We use serve run model_nf4_mg:chat_app_nf4_mg which maps to our python file and our binding name in the python code.

The runtime_env.working_dir on takes local path or a zip archive which is why I made a release of my repo to get a zip to use for loading.

For the time being I’m using the pre-built anyscale/ray-llm container image for the head and worker groups. Since I have specific models I want to load I can use the working_dir as a way to specify what to load without manipulating the image.
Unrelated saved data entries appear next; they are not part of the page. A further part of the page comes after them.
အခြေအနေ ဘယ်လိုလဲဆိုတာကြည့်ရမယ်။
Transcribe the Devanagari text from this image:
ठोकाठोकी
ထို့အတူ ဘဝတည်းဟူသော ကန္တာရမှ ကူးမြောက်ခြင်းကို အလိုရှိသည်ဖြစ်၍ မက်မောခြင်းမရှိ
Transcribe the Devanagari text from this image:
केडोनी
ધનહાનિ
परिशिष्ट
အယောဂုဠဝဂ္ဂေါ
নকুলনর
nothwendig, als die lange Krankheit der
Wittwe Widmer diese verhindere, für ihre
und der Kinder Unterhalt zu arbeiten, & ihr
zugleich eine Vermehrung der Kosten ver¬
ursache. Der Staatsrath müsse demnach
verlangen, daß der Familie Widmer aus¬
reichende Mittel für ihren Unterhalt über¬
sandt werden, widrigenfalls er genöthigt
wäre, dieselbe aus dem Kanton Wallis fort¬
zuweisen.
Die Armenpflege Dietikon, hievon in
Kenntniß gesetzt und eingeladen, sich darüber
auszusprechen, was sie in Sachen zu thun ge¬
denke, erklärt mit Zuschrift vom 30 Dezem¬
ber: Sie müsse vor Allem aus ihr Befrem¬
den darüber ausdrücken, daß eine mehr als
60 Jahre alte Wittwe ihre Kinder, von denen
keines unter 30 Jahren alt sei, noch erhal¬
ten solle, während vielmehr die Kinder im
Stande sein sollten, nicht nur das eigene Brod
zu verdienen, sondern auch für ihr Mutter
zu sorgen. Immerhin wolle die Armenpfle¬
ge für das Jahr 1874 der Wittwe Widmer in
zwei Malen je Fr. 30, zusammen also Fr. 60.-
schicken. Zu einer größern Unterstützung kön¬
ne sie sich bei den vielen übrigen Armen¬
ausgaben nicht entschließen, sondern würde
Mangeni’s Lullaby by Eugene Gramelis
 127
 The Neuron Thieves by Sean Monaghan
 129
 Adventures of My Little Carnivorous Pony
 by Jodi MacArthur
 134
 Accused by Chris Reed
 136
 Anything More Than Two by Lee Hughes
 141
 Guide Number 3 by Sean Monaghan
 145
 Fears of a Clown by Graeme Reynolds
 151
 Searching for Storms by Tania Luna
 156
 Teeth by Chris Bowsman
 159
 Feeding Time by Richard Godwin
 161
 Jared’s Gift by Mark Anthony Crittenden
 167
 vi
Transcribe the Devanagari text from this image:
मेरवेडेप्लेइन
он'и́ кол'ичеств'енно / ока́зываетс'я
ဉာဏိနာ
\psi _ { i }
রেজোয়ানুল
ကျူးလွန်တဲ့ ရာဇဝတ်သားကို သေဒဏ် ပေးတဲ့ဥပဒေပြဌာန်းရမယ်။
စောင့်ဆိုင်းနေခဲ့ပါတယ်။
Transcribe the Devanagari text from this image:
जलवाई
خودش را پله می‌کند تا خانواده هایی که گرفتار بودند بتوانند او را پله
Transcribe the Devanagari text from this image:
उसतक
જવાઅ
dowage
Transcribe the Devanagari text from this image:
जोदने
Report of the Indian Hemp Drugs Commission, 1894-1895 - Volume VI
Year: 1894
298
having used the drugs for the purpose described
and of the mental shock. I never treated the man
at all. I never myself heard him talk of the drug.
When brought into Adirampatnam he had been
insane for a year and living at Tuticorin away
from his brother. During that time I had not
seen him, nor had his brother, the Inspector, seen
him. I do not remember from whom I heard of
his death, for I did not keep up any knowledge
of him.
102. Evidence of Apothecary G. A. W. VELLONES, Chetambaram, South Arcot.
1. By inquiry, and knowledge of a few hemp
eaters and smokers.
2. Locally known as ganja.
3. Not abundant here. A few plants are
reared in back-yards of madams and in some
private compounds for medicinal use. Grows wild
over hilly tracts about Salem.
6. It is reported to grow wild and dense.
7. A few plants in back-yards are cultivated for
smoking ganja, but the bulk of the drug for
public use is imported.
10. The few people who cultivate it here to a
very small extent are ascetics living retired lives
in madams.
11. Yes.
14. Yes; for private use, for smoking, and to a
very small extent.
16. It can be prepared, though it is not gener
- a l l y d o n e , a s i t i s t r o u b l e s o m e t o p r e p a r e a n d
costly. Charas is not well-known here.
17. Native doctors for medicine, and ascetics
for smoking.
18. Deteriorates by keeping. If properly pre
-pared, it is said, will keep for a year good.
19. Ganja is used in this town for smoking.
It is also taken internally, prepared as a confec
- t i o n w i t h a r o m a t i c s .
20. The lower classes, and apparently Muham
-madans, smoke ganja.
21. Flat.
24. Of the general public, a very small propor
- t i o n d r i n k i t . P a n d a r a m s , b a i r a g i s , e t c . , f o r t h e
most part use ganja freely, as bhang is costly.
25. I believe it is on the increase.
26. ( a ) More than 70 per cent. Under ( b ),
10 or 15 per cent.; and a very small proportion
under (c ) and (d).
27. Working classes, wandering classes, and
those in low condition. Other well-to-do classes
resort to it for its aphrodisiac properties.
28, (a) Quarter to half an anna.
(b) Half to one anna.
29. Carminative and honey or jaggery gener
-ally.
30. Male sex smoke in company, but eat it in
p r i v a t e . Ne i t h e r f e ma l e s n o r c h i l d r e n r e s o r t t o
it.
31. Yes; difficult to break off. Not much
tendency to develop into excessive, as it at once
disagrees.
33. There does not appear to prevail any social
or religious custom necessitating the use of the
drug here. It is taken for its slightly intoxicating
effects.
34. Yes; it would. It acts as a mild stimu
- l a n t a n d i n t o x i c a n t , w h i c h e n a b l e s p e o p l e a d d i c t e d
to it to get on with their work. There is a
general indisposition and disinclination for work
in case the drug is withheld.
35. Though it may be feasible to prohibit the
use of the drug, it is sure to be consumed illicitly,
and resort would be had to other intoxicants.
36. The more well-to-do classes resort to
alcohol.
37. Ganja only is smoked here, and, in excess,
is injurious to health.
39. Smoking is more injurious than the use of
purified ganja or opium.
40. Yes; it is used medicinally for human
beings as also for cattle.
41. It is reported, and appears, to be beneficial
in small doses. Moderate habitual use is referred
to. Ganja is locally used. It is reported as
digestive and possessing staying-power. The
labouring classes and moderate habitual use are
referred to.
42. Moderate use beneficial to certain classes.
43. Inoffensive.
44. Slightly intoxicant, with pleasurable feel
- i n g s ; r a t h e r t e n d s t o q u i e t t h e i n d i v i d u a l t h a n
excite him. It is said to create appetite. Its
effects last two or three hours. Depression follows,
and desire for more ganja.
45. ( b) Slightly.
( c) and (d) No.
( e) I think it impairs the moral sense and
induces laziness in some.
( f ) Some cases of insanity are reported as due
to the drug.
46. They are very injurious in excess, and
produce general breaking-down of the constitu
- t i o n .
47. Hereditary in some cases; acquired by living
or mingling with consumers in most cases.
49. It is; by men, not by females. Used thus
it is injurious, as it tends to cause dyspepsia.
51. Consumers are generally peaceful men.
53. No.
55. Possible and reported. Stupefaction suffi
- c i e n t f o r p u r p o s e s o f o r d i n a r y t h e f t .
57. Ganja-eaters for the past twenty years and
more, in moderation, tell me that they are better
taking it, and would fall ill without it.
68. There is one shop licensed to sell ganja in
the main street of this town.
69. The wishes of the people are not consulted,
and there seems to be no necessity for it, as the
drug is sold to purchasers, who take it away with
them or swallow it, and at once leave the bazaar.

Alternatively for a custom pipeline, you may want to incorporate adding the appropriate files into a custom image as part of your pipeline.

Checking status

Ray has a great UI to look at the status, resource details, jobs and workers of your cluster. You can access this UI by forwarding the UI port:

kubectl port-forward pod/your_head_pod 8265:8265

You can also get some details via CLI by running some available commands

kubectl exec -it your_head_pod -- bash

and then runnining in the container, there are more commands you can use to get more details

ray status

serve status

ray list nodes

More to come. These are just some initial thoughts, so I may be misinterpreting some aspects or there may be more ideal ways of performing the same task.